- Exercise objective
Could the records below be restated word for word, without a single picture?

[Dataset excerpts]

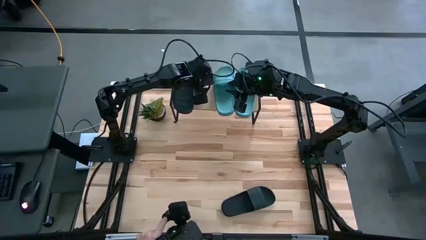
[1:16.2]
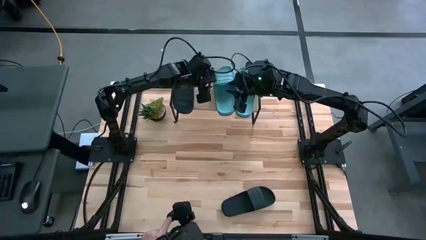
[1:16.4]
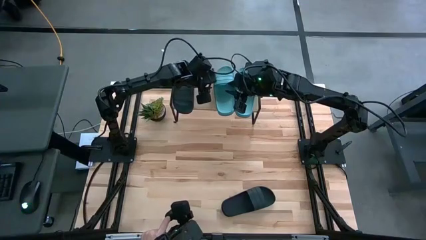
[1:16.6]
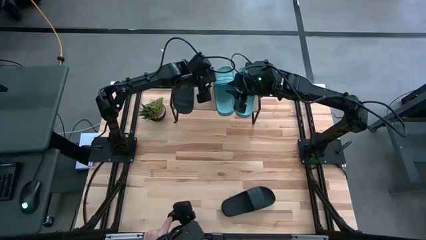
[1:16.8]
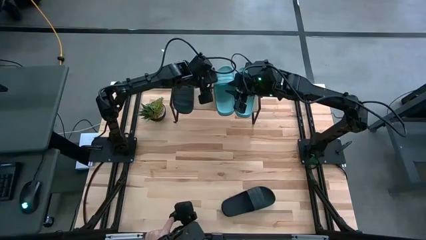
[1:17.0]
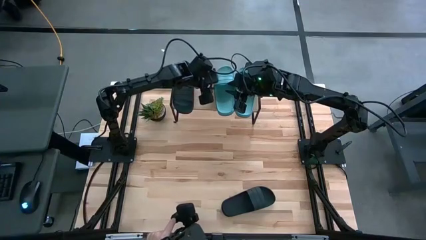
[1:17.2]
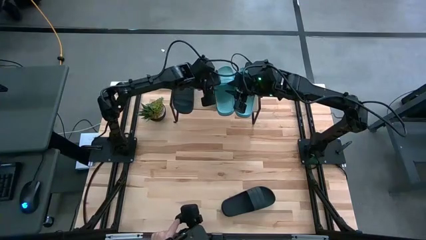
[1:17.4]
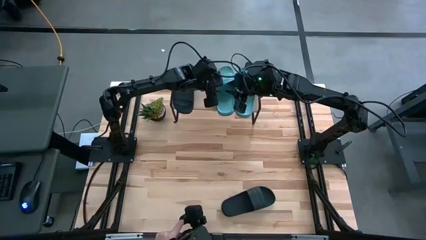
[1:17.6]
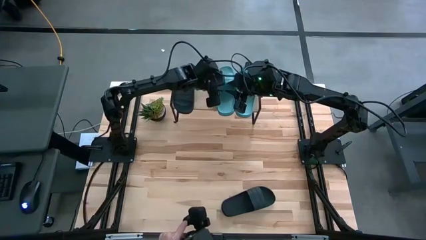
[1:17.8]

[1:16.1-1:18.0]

- Solution to this exercise
[1:16.2]
[1:16.4]
[1:16.6]
[1:16.8]
[1:17.0]
[1:17.2]
[1:17.4]
[1:17.6]
[1:17.8]

[1:16.1-1:18.0]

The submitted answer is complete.